Where in the data below does the word "pellet" appear? Copy each line that holds it.

- **Given data**
((

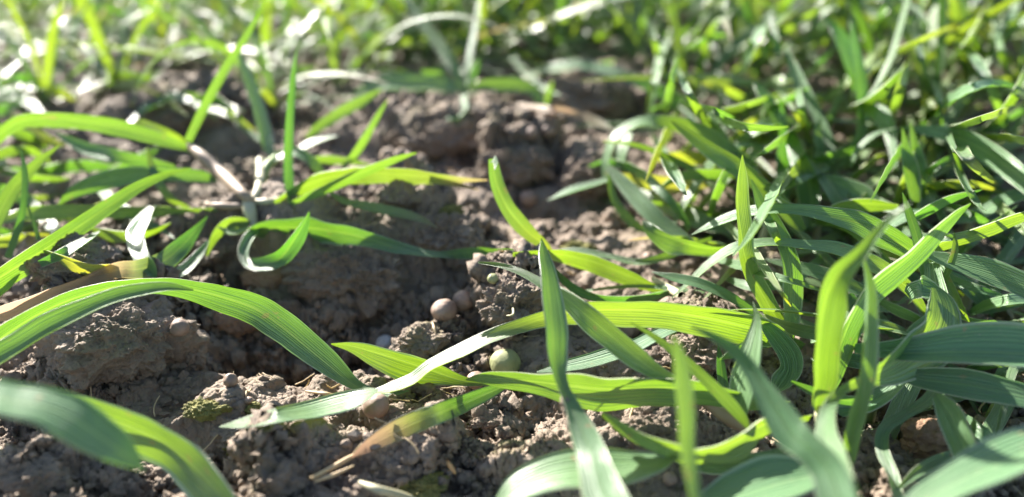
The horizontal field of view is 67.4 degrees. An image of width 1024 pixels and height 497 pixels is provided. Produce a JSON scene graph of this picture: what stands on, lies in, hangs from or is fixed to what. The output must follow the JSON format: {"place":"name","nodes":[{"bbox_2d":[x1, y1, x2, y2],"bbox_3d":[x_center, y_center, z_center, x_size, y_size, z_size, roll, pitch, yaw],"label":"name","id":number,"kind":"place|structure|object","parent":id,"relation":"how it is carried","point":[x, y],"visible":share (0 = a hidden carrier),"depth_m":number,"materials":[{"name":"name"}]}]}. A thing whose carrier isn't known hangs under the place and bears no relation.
{"place":"outdoors","nodes":[
{"label":"outdoors","id":0,"kind":"place"},
{"bbox_2d":[0,0,1023,496],"bbox_3d":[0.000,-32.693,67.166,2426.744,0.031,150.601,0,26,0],"label":"ground","id":1,"kind":"structure","parent":0,"point":[232,148],"depth_m":0.13,"materials":[{"name":"soil"}]},
{"bbox_2d":[0,0,67,33],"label":"wheat seedling","id":2,"kind":"object","parent":1,"relation":"on","point":[29,25],"visible":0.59,"depth_m":0.32,"materials":[{"name":"green plant"}]},
{"bbox_2d":[0,451,78,496],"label":"soil clod","id":3,"kind":"object","parent":1,"relation":"on","point":[47,470],"visible":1,"depth_m":0.08,"materials":[{"name":"soil"}]},
{"bbox_2d":[0,0,129,57],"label":"wheat seedling","id":4,"kind":"object","parent":1,"relation":"on","point":[7,27],"visible":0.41,"depth_m":0.29,"materials":[{"name":"green plant"}]},
{"bbox_2d":[20,231,124,285],"bbox_3d":[-0.063,0.002,0.111,0.014,0.006,0.011,0,26,0],"label":"soil clod","id":5,"kind":"object","parent":1,"relation":"on","point":[95,250],"visible":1,"depth_m":0.11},
{"bbox_2d":[0,0,169,103],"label":"wheat seedling","id":6,"kind":"object","parent":1,"relation":"on","point":[54,33],"visible":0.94,"depth_m":0.21,"materials":[{"name":"green plant"}]},
{"bbox_2d":[0,0,171,91],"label":"wheat seedling","id":7,"kind":"object","parent":1,"relation":"on","point":[93,25],"visible":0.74,"depth_m":0.24,"materials":[{"name":"green plant"}]},
{"bbox_2d":[0,2,177,69],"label":"wheat seedling","id":8,"kind":"object","parent":1,"relation":"on","point":[112,26],"visible":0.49,"depth_m":0.27,"materials":[{"name":"green plant"}]},
{"bbox_2d":[0,0,180,95],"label":"wheat seedling","id":9,"kind":"object","parent":1,"relation":"on","point":[86,81],"visible":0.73,"depth_m":0.26,"materials":[{"name":"green plant"}]},
{"bbox_2d":[0,0,187,57],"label":"wheat seedling","id":10,"kind":"object","parent":1,"relation":"on","point":[71,6],"visible":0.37,"depth_m":0.31,"materials":[{"name":"green plant"}]},
{"bbox_2d":[0,72,217,296],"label":"wheat seedling","id":11,"kind":"object","parent":1,"relation":"on","point":[14,270],"visible":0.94,"depth_m":0.13,"materials":[{"name":"green plant"}]},
{"bbox_2d":[0,0,236,45],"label":"wheat seedling","id":12,"kind":"object","parent":1,"relation":"on","point":[96,2],"visible":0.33,"depth_m":0.29,"materials":[{"name":"green plant"}]},
{"bbox_2d":[33,295,209,389],"bbox_3d":[-0.054,0.013,0.105,0.018,0.014,0.018,12,29,24],"label":"soil clod","id":13,"kind":"object","parent":1,"relation":"on","point":[122,341],"visible":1,"depth_m":0.10,"materials":[{"name":"soil"}]},
{"bbox_2d":[37,0,290,71],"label":"wheat seedling","id":14,"kind":"object","parent":1,"relation":"on","point":[160,32],"visible":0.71,"depth_m":0.26,"materials":[{"name":"green plant"}]},
{"bbox_2d":[96,88,246,136],"bbox_3d":[-0.089,-0.035,0.201,0.040,0.013,0.024,0,26,0],"label":"soil clod","id":15,"kind":"object","parent":1,"relation":"on","point":[165,115],"visible":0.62,"depth_m":0.20,"materials":[{"name":"soil"}]},
{"bbox_2d":[62,0,288,44],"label":"wheat seedling","id":16,"kind":"object","parent":1,"relation":"on","point":[96,9],"visible":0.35,"depth_m":0.28,"materials":[{"name":"green plant"}]},
{"bbox_2d":[97,0,268,67],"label":"wheat seedling","id":17,"kind":"object","parent":1,"relation":"on","point":[250,16],"visible":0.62,"depth_m":0.30,"materials":[{"name":"green plant"}]},
{"bbox_2d":[170,342,207,370],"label":"soil clod","id":18,"kind":"object","parent":1,"relation":"on","point":[198,358],"visible":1,"depth_m":0.11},
{"bbox_2d":[70,0,321,78],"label":"wheat seedling","id":19,"kind":"object","parent":1,"relation":"on","point":[233,21],"visible":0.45,"depth_m":0.28,"materials":[{"name":"green plant"}]},
{"bbox_2d":[0,278,408,496],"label":"wheat seedling","id":20,"kind":"object","parent":1,"relation":"on","point":[106,431],"visible":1,"depth_m":0.08,"materials":[{"name":"green plant"}]},
{"bbox_2d":[181,396,232,421],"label":"moss tuft","id":21,"kind":"object","parent":1,"relation":"on","point":[200,409],"visible":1,"depth_m":0.09,"materials":[{"name":"plant"}]},
{"bbox_2d":[188,237,238,266],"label":"soil clod","id":22,"kind":"object","parent":1,"relation":"on","point":[224,250],"visible":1,"depth_m":0.13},
{"bbox_2d":[106,0,346,64],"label":"wheat seedling","id":23,"kind":"object","parent":1,"relation":"on","point":[286,12],"visible":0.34,"depth_m":0.29,"materials":[{"name":"green plant"}]},
{"bbox_2d":[210,416,244,453],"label":"soil clod","id":24,"kind":"object","parent":1,"relation":"on","point":[223,436],"visible":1,"depth_m":0.09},
{"bbox_2d":[201,308,257,337],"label":"stone","id":25,"kind":"object","parent":1,"relation":"on","point":[235,327],"visible":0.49,"depth_m":0.12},
{"bbox_2d":[0,0,512,321],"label":"wheat seedling","id":26,"kind":"object","parent":1,"relation":"on","point":[320,183],"visible":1,"depth_m":0.13,"materials":[{"name":"green plant"}]},
{"bbox_2d":[240,268,284,290],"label":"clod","id":27,"kind":"object","parent":1,"relation":"on","point":[271,280],"visible":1,"depth_m":0.13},
{"bbox_2d":[131,0,407,108],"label":"wheat seedling","id":28,"kind":"object","parent":1,"relation":"on","point":[215,41],"visible":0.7,"depth_m":0.23,"materials":[{"name":"green plant"}]},
{"bbox_2d":[31,0,522,89],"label":"wheat seedling","id":29,"kind":"object","parent":1,"relation":"on","point":[330,32],"visible":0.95,"depth_m":0.23,"materials":[{"name":"green plant"}]},
{"bbox_2d":[247,451,310,496],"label":"soil clod","id":30,"kind":"object","parent":1,"relation":"on","point":[285,477],"visible":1,"depth_m":0.08,"materials":[{"name":"soil"}]},
{"bbox_2d":[194,7,387,124],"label":"wheat seedling","id":31,"kind":"object","parent":1,"relation":"on","point":[270,96],"visible":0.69,"depth_m":0.22,"materials":[{"name":"green plant"}]},
{"bbox_2d":[164,0,419,79],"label":"wheat seedling","id":32,"kind":"object","parent":1,"relation":"on","point":[265,20],"visible":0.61,"depth_m":0.26,"materials":[{"name":"green plant"}]},
{"bbox_2d":[101,0,544,135],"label":"wheat seedling","id":33,"kind":"object","parent":1,"relation":"on","point":[434,80],"visible":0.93,"depth_m":0.21,"materials":[{"name":"green plant"}]},
{"bbox_2d":[180,0,494,43],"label":"wheat seedling","id":34,"kind":"object","parent":1,"relation":"on","point":[443,26],"visible":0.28,"depth_m":0.30,"materials":[{"name":"green plant"}]},
{"bbox_2d":[306,88,382,138],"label":"wheat seedling","id":35,"kind":"object","parent":1,"relation":"on","point":[342,111],"visible":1,"depth_m":0.17,"materials":[{"name":"green plant"}]},
{"bbox_2d":[280,244,410,320],"bbox_3d":[-0.027,0.005,0.126,0.021,0.015,0.012,0,26,0],"label":"soil clod","id":36,"kind":"object","parent":1,"relation":"on","point":[373,279],"visible":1,"depth_m":0.12,"materials":[{"name":"soil"}]},
{"bbox_2d":[283,0,411,61],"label":"wheat seedling","id":37,"kind":"object","parent":1,"relation":"on","point":[341,32],"visible":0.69,"depth_m":0.27,"materials":[{"name":"green plant"}]},
{"bbox_2d":[211,0,503,72],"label":"wheat seedling","id":38,"kind":"object","parent":1,"relation":"on","point":[271,45],"visible":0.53,"depth_m":0.26,"materials":[{"name":"green plant"}]},
{"bbox_2d":[363,393,388,418],"bbox_3d":[-0.017,0.019,0.093,0.003,0.003,0.003,0,26,0],"label":"pellet","id":39,"kind":"object","parent":1,"relation":"on","point":[376,405],"visible":1,"depth_m":0.09},
{"bbox_2d":[217,0,555,83],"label":"wheat seedling","id":40,"kind":"object","parent":1,"relation":"on","point":[430,5],"visible":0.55,"depth_m":0.28,"materials":[{"name":"green plant"}]},
{"bbox_2d":[358,480,414,496],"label":"straw","id":41,"kind":"object","parent":1,"relation":"on","point":[381,490],"visible":1,"depth_m":0.08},
{"bbox_2d":[289,0,502,57],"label":"wheat seedling","id":42,"kind":"object","parent":1,"relation":"on","point":[331,10],"visible":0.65,"depth_m":0.27,"materials":[{"name":"green plant"}]},
{"bbox_2d":[375,179,426,207],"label":"soil clod","id":43,"kind":"object","parent":1,"relation":"on","point":[398,193],"visible":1,"depth_m":0.13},
{"bbox_2d":[392,471,449,496],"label":"moss tuft","id":44,"kind":"object","parent":1,"relation":"on","point":[427,485],"visible":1,"depth_m":0.08,"materials":[{"name":"plant"}]},
{"bbox_2d":[393,321,453,356],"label":"soil clod","id":45,"kind":"object","parent":1,"relation":"on","point":[425,337],"visible":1,"depth_m":0.11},
{"bbox_2d":[385,116,479,159],"bbox_3d":[-0.016,-0.027,0.185,0.030,0.011,0.017,0,26,0],"label":"soil clod","id":46,"kind":"object","parent":1,"relation":"on","point":[456,137],"visible":0.9,"depth_m":0.18,"materials":[{"name":"soil"}]},
{"bbox_2d":[431,299,456,321],"bbox_3d":[-0.010,0.009,0.113,0.004,0.004,0.004,0,26,0],"label":"pellet","id":47,"kind":"object","parent":1,"relation":"on","point":[444,310],"visible":1,"depth_m":0.11},
{"bbox_2d":[276,0,615,94],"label":"wheat seedling","id":48,"kind":"object","parent":1,"relation":"on","point":[455,53],"visible":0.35,"depth_m":0.28,"materials":[{"name":"green plant"}]},
{"bbox_2d":[415,212,485,250],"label":"soil clod","id":49,"kind":"object","parent":1,"relation":"on","point":[454,230],"visible":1,"depth_m":0.13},
{"bbox_2d":[362,0,542,82],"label":"wheat seedling","id":50,"kind":"object","parent":1,"relation":"on","point":[525,15],"visible":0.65,"depth_m":0.28,"materials":[{"name":"green plant"}]},
{"bbox_2d":[452,290,472,310],"bbox_3d":[-0.007,0.008,0.116,0.003,0.003,0.003,0,26,0],"label":"pellet","id":51,"kind":"object","parent":1,"relation":"on","point":[461,300],"visible":1,"depth_m":0.12},
{"bbox_2d":[445,229,508,272],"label":"soil clod","id":52,"kind":"object","parent":1,"relation":"on","point":[456,264],"visible":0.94,"depth_m":0.13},
{"bbox_2d":[329,0,635,60],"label":"wheat seedling","id":53,"kind":"object","parent":1,"relation":"on","point":[508,23],"visible":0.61,"depth_m":0.28,"materials":[{"name":"green plant"}]},
{"bbox_2d":[466,408,501,432],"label":"soil clod","id":54,"kind":"object","parent":1,"relation":"on","point":[488,421],"visible":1,"depth_m":0.09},
{"bbox_2d":[367,0,616,96],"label":"wheat seedling","id":55,"kind":"object","parent":1,"relation":"on","point":[562,5],"visible":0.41,"depth_m":0.28,"materials":[{"name":"green plant"}]},
{"bbox_2d":[490,349,520,371],"bbox_3d":[-0.001,0.016,0.106,0.004,0.004,0.004,0,26,0],"label":"pellet","id":56,"kind":"object","parent":1,"relation":"on","point":[505,360],"visible":1,"depth_m":0.10},
{"bbox_2d":[476,272,542,341],"bbox_3d":[0.000,0.008,0.109,0.011,0.009,0.011,0,26,0],"label":"soil clod","id":57,"kind":"object","parent":1,"relation":"on","point":[523,296],"visible":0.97,"depth_m":0.11,"materials":[{"name":"soil"}]},
{"bbox_2d":[0,19,1023,496],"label":"soil crumbs","id":58,"kind":"object","parent":1,"relation":"on","point":[346,443],"visible":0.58,"depth_m":0.12,"materials":[{"name":"soil"}]},
{"bbox_2d":[0,66,1023,496],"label":"plant litter","id":59,"kind":"object","parent":1,"relation":"on","point":[440,388],"visible":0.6,"depth_m":0.10,"materials":[{"name":"plant"}]},
{"bbox_2d":[479,141,556,190],"bbox_3d":[0.001,-0.018,0.167,0.017,0.010,0.014,0,26,0],"label":"soil clod","id":60,"kind":"object","parent":1,"relation":"on","point":[524,166],"visible":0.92,"depth_m":0.16,"materials":[{"name":"soil"}]},
{"bbox_2d":[220,155,906,457],"bbox_3d":[0.014,0.007,0.093,0.096,0.028,0.029,-5,27,-11],"label":"wheat seedling","id":61,"kind":"object","parent":1,"relation":"on","point":[753,333],"visible":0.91,"depth_m":0.10,"materials":[{"name":"green plant"}]},
{"bbox_2d":[407,0,722,71],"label":"wheat seedling","id":62,"kind":"object","parent":1,"relation":"on","point":[482,45],"visible":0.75,"depth_m":0.26,"materials":[{"name":"green plant"}]},
{"bbox_2d":[516,102,613,130],"bbox_3d":[0.009,-0.031,0.172,0.031,0.005,0.010,22,34,38],"label":"straw","id":63,"kind":"object","parent":1,"relation":"on","point":[582,116],"visible":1,"depth_m":0.17,"materials":[{"name":"beige plant"}]},
{"bbox_2d":[491,0,644,52],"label":"wheat seedling","id":64,"kind":"object","parent":1,"relation":"on","point":[538,7],"visible":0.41,"depth_m":0.29,"materials":[{"name":"green plant"}]},
{"bbox_2d":[541,75,634,120],"bbox_3d":[0.022,-0.043,0.219,0.030,0.013,0.019,0,26,0],"label":"soil clod","id":65,"kind":"object","parent":1,"relation":"on","point":[613,98],"visible":0.85,"depth_m":0.21,"materials":[{"name":"soil"}]},
{"bbox_2d":[547,0,629,61],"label":"wheat seedling","id":66,"kind":"object","parent":1,"relation":"on","point":[560,55],"visible":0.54,"depth_m":0.29,"materials":[{"name":"green plant"}]},
{"bbox_2d":[562,155,620,197],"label":"soil clod","id":67,"kind":"object","parent":1,"relation":"on","point":[581,171],"visible":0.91,"depth_m":0.16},
{"bbox_2d":[478,156,711,383],"bbox_3d":[0.014,0.003,0.102,0.037,0.020,0.043,0,26,0],"label":"wheat seedling","id":68,"kind":"object","parent":1,"relation":"on","point":[593,323],"visible":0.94,"depth_m":0.11,"materials":[{"name":"green plant"}]},
{"bbox_2d":[474,0,722,72],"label":"wheat seedling","id":69,"kind":"object","parent":1,"relation":"on","point":[684,31],"visible":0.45,"depth_m":0.26,"materials":[{"name":"green plant"}]},
{"bbox_2d":[496,238,702,496],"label":"wheat seedling","id":70,"kind":"object","parent":1,"relation":"on","point":[589,464],"visible":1,"depth_m":0.08,"materials":[{"name":"green plant"}]},
{"bbox_2d":[611,409,678,451],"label":"soil clod","id":71,"kind":"object","parent":1,"relation":"on","point":[661,424],"visible":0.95,"depth_m":0.09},
{"bbox_2d":[501,0,815,65],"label":"wheat seedling","id":72,"kind":"object","parent":1,"relation":"on","point":[646,7],"visible":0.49,"depth_m":0.28,"materials":[{"name":"green plant"}]},
{"bbox_2d":[376,0,958,181],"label":"wheat seedling","id":73,"kind":"object","parent":1,"relation":"on","point":[670,96],"visible":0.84,"depth_m":0.20,"materials":[{"name":"green plant"}]},
{"bbox_2d":[595,0,763,49],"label":"wheat seedling","id":74,"kind":"object","parent":1,"relation":"on","point":[654,10],"visible":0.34,"depth_m":0.30,"materials":[{"name":"green plant"}]},
{"bbox_2d":[662,332,737,377],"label":"soil clod","id":75,"kind":"object","parent":1,"relation":"on","point":[696,351],"visible":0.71,"depth_m":0.10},
{"bbox_2d":[548,112,884,306],"bbox_3d":[0.044,-0.010,0.132,0.062,0.023,0.072,-11,28,-21],"label":"wheat seedling","id":76,"kind":"object","parent":1,"relation":"on","point":[659,228],"visible":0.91,"depth_m":0.14,"materials":[{"name":"green plant"}]},
{"bbox_2d":[466,202,970,496],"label":"wheat seedling","id":77,"kind":"object","parent":1,"relation":"on","point":[821,464],"visible":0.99,"depth_m":0.08,"materials":[{"name":"green plant"}]},
{"bbox_2d":[573,40,901,137],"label":"wheat seedling","id":78,"kind":"object","parent":1,"relation":"on","point":[728,101],"visible":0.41,"depth_m":0.20,"materials":[{"name":"green plant"}]},
{"bbox_2d":[598,197,897,260],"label":"wheat seedling","id":79,"kind":"object","parent":1,"relation":"on","point":[763,233],"visible":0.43,"depth_m":0.13,"materials":[{"name":"green plant"}]},
{"bbox_2d":[477,0,1023,50],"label":"wheat seedling","id":80,"kind":"object","parent":1,"relation":"on","point":[735,20],"visible":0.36,"depth_m":0.26,"materials":[{"name":"green plant"}]},
{"bbox_2d":[609,0,901,161],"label":"wheat seedling","id":81,"kind":"object","parent":1,"relation":"on","point":[706,49],"visible":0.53,"depth_m":0.22,"materials":[{"name":"green plant"}]},
{"bbox_2d":[596,0,919,66],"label":"wheat seedling","id":82,"kind":"object","parent":1,"relation":"on","point":[829,13],"visible":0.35,"depth_m":0.25,"materials":[{"name":"green plant"}]},
{"bbox_2d":[587,213,979,406],"bbox_3d":[0.059,0.012,0.115,0.098,0.012,0.088,-27,46,-36],"label":"wheat seedling","id":83,"kind":"object","parent":1,"relation":"on","point":[829,262],"visible":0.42,"depth_m":0.12,"materials":[{"name":"green plant"}]},
{"bbox_2d":[649,139,944,297],"bbox_3d":[0.053,-0.004,0.139,0.066,0.011,0.064,-4,26,-7],"label":"wheat seedling","id":84,"kind":"object","parent":1,"relation":"on","point":[728,273],"visible":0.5,"depth_m":0.14,"materials":[{"name":"green plant"}]},
{"bbox_2d":[582,0,1023,124],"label":"wheat seedling","id":85,"kind":"object","parent":1,"relation":"on","point":[937,16],"visible":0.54,"depth_m":0.20,"materials":[{"name":"green plant"}]},
{"bbox_2d":[702,133,937,238],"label":"wheat seedling","id":86,"kind":"object","parent":1,"relation":"on","point":[762,164],"visible":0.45,"depth_m":0.16,"materials":[{"name":"green plant"}]},
{"bbox_2d":[652,201,1007,304],"bbox_3d":[0.059,-0.004,0.140,0.057,0.012,0.060,-21,33,-37],"label":"wheat seedling","id":87,"kind":"object","parent":1,"relation":"on","point":[914,276],"visible":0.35,"depth_m":0.14,"materials":[{"name":"green plant"}]},
{"bbox_2d":[656,108,1008,194],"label":"wheat seedling","id":88,"kind":"object","parent":1,"relation":"on","point":[806,145],"visible":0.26,"depth_m":0.18,"materials":[{"name":"green plant"}]},
{"bbox_2d":[650,0,1023,255],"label":"wheat seedling","id":89,"kind":"object","parent":1,"relation":"on","point":[802,96],"visible":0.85,"depth_m":0.16,"materials":[{"name":"green plant"}]},
{"bbox_2d":[662,0,1023,134],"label":"wheat seedling","id":90,"kind":"object","parent":1,"relation":"on","point":[866,32],"visible":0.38,"depth_m":0.21,"materials":[{"name":"green plant"}]},
{"bbox_2d":[683,0,1002,108],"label":"wheat seedling","id":91,"kind":"object","parent":1,"relation":"on","point":[747,14],"visible":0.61,"depth_m":0.24,"materials":[{"name":"green plant"}]},
{"bbox_2d":[672,192,1023,496],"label":"wheat seedling","id":92,"kind":"object","parent":1,"relation":"on","point":[979,345],"visible":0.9,"depth_m":0.09,"materials":[{"name":"green plant"}]},
{"bbox_2d":[676,43,1021,189],"bbox_3d":[0.091,-0.033,0.201,0.110,0.016,0.104,-20,36,-24],"label":"wheat seedling","id":93,"kind":"object","parent":1,"relation":"on","point":[907,132],"visible":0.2,"depth_m":0.20,"materials":[{"name":"green plant"}]},
{"bbox_2d":[698,0,1003,109],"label":"wheat seedling","id":94,"kind":"object","parent":1,"relation":"on","point":[809,34],"visible":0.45,"depth_m":0.23,"materials":[{"name":"green plant"}]},
{"bbox_2d":[686,0,1019,68],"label":"wheat seedling","id":95,"kind":"object","parent":1,"relation":"on","point":[835,18],"visible":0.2,"depth_m":0.25,"materials":[{"name":"green plant"}]},
{"bbox_2d":[706,11,1003,295],"bbox_3d":[0.058,-0.019,0.140,0.045,0.032,0.098,7,27,14],"label":"wheat seedling","id":96,"kind":"object","parent":1,"relation":"on","point":[809,179],"visible":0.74,"depth_m":0.14,"materials":[{"name":"green plant"}]},
{"bbox_2d":[708,274,1014,496],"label":"wheat seedling","id":97,"kind":"object","parent":1,"relation":"on","point":[990,421],"visible":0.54,"depth_m":0.10,"materials":[{"name":"green plant"}]},
{"bbox_2d":[712,0,1020,77],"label":"wheat seedling","id":98,"kind":"object","parent":1,"relation":"on","point":[883,15],"visible":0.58,"depth_m":0.23,"materials":[{"name":"green plant"}]},
{"bbox_2d":[758,142,1023,215],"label":"wheat seedling","id":99,"kind":"object","parent":1,"relation":"on","point":[891,191],"visible":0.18,"depth_m":0.15,"materials":[{"name":"green plant"}]},
{"bbox_2d":[797,0,1023,60],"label":"wheat seedling","id":100,"kind":"object","parent":1,"relation":"on","point":[973,4],"visible":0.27,"depth_m":0.26,"materials":[{"name":"green plant"}]},
{"bbox_2d":[803,205,1023,439],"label":"wheat seedling","id":101,"kind":"object","parent":1,"relation":"on","point":[905,396],"visible":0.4,"depth_m":0.12,"materials":[{"name":"green plant"}]},
{"bbox_2d":[855,105,977,224],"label":"wheat seedling","id":102,"kind":"object","parent":1,"relation":"on","point":[940,145],"visible":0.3,"depth_m":0.17,"materials":[{"name":"green plant"}]},
{"bbox_2d":[827,0,1023,82],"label":"wheat seedling","id":103,"kind":"object","parent":1,"relation":"on","point":[959,14],"visible":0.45,"depth_m":0.23,"materials":[{"name":"green plant"}]},
{"bbox_2d":[830,40,1023,321],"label":"wheat seedling","id":104,"kind":"object","parent":1,"relation":"on","point":[996,158],"visible":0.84,"depth_m":0.13,"materials":[{"name":"green plant"}]},
{"bbox_2d":[899,414,976,458],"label":"stone","id":105,"kind":"object","parent":1,"relation":"on","point":[923,436],"visible":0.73,"depth_m":0.09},
{"bbox_2d":[896,425,1023,496],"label":"wheat seedling","id":106,"kind":"object","parent":1,"relation":"on","point":[991,460],"visible":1,"depth_m":0.07,"materials":[{"name":"green plant"}]},
{"bbox_2d":[911,281,1019,433],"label":"wheat seedling","id":107,"kind":"object","parent":1,"relation":"on","point":[1011,373],"visible":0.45,"depth_m":0.10,"materials":[{"name":"green plant"}]},
{"bbox_2d":[917,0,1018,69],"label":"wheat seedling","id":108,"kind":"object","parent":1,"relation":"on","point":[983,32],"visible":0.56,"depth_m":0.23,"materials":[{"name":"green plant"}]},
{"bbox_2d":[915,0,1023,57],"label":"seedling","id":109,"kind":"object","parent":1,"relation":"on","point":[1010,46],"visible":0.09,"depth_m":0.28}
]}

))

- **Problem solution**
{"bbox_2d":[363,393,388,418],"bbox_3d":[-0.017,0.019,0.093,0.003,0.003,0.003,0,26,0],"label":"pellet","id":39,"kind":"object","parent":1,"relation":"on","point":[376,405],"visible":1,"depth_m":0.09},
{"bbox_2d":[431,299,456,321],"bbox_3d":[-0.010,0.009,0.113,0.004,0.004,0.004,0,26,0],"label":"pellet","id":47,"kind":"object","parent":1,"relation":"on","point":[444,310],"visible":1,"depth_m":0.11},
{"bbox_2d":[452,290,472,310],"bbox_3d":[-0.007,0.008,0.116,0.003,0.003,0.003,0,26,0],"label":"pellet","id":51,"kind":"object","parent":1,"relation":"on","point":[461,300],"visible":1,"depth_m":0.12},
{"bbox_2d":[490,349,520,371],"bbox_3d":[-0.001,0.016,0.106,0.004,0.004,0.004,0,26,0],"label":"pellet","id":56,"kind":"object","parent":1,"relation":"on","point":[505,360],"visible":1,"depth_m":0.10},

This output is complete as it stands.